ILOM on X4x00 - temperature monitoring snmp, automatic shutdown
Hello,
we run some X4100/X4200 servers. I want to monitor temperatures via ILOM's snmp interface. Unfortunately I get all kind of information with snmpwalk like sensor typ, hysteresis, unit, .... except the current sensor readings.Did anybody succeed in reporting temperatur sensor readings via snmp with ILOM ? We run ILOM firmware 1.0, build 6464.
Additionally I need to verify that some automatic shutdown happens once a system gets too hot. To test I would like to lower the temperature sensor threshold. How can I do this,how can I lower the temperature thresholds in ILOM?
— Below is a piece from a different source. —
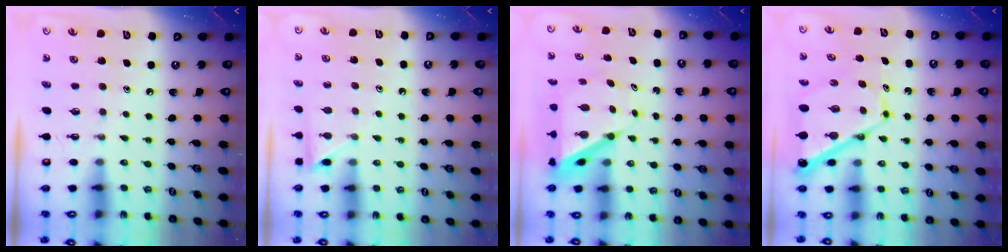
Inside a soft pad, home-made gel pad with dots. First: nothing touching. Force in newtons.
{"total": 4.1, "press": 4.1, "slide": 0.4}
{"total": 8.3, "press": 8.2, "slide": 0.7}
{"total": 10.5, "press": 10.5, "slide": 1.0}

Any help is greatly apreciated, with kind regards,
Heinrich
[686 byte] By [
hebheb] at [2007-11-26 9:31:08]

# 1
I'm trying to get thermal shutdowns to happen, too, for a cluster of X4100s managed with N1SM. I don't use SNMP, though. I've found that the ILOMs have good support for IPMI. e.g.
echo changeme > changeme
ipmitool -u root -f changeme -H 192.168.1.20 sensor list
I can set the sensor thresholds with ... sensor thresh fp.t_amb unr 33
Thresholds set this way don't stick across power-cycling the ILOM, so I'll probably set up a cron job to set them.
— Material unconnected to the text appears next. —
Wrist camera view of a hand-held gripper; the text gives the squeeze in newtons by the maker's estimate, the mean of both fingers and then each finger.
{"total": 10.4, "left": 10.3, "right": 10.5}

The machine does a hard shutdown a few seconds after a sensor exceeds it's non-recoverable threshold. It never seems to shut down or signal the OS with ACPI or anything when the critical or non-critical (warning) thresholds are exceeded. It does log it in the sensor log, and I think sends an IPMI alert, since N1SM configures the master machine as an alert target. (in the ILOM cli, show /SP/alerts, or something).
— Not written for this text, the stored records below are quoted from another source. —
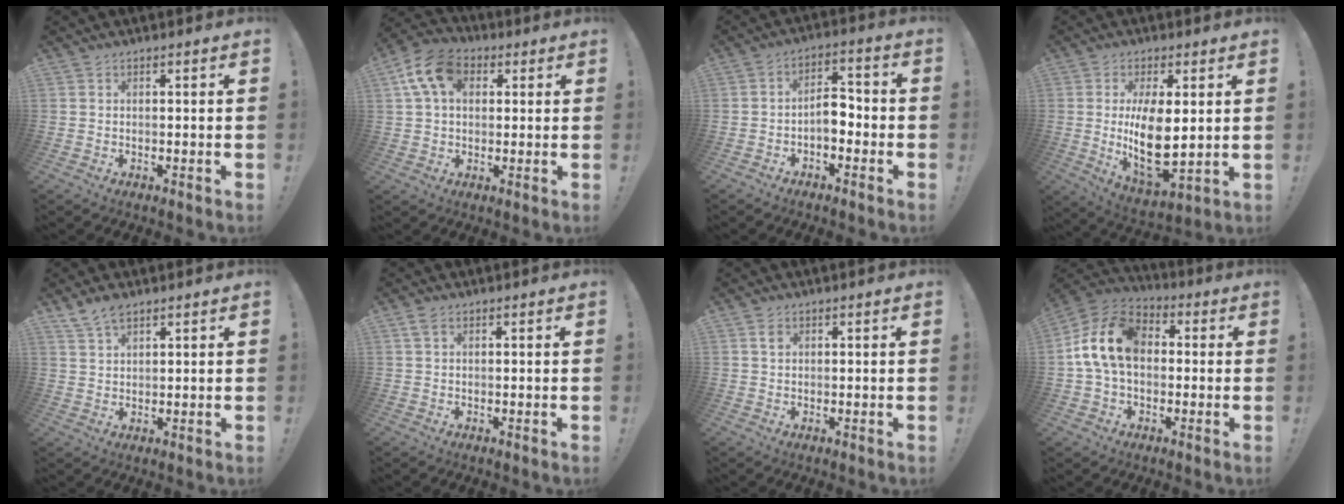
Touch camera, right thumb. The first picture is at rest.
{"total": 12.9, "force": [4.3, 9.0, 8.3], "torque": [-0.145, 0.000, 0.086]}
{"total": 7.4, "force": [-2.6, 4.3, 5.4], "torque": [-0.100, 0.017, -0.049]}
{"total": 14.4, "force": [1.2, 6.8, 12.7], "torque": [-0.242, -0.030, 0.022]}
{"total": 5.1, "force": [4.0, 1.9, 2.4], "torque": [-0.047, -0.018, 0.076]}
{"total": 1.8, "force": [0.9, 0.9, 1.3], "torque": [-0.026, 0.002, 0.016]}
{"total": 1.6, "force": [0.8, 1.2, 0.6], "torque": [0.002, -0.003, 0.012]}
{"total": 15.8, "force": [1.7, 11.0, 11.3], "torque": [-0.200, 0.018, 0.034]}

ipmitool(1m) says that the soft shutdown command is done by having ACPI signal the OS that there is a "fatal overtemperature". I had assumed that that was what N1SM used to soft-power-off machines, but it seems that ipmitool ... power soft doesn't actually do anything to Solaris 10u1 amd64. So that's what I need to fix, I guess. I could try booting GNU/Linux from a CD to maybe see the ACPI events and make sure they're really being sent...
Anyway, I'd love to hear how to get Solaris to soft shutdown on critical temps. If I don't figure it out soon, I'll just lower the "non-recoverable" thresholds, since I'm just running grid engine on nodes provisioned from a flash archive, so I don't need to worry too much about clean shutdowns.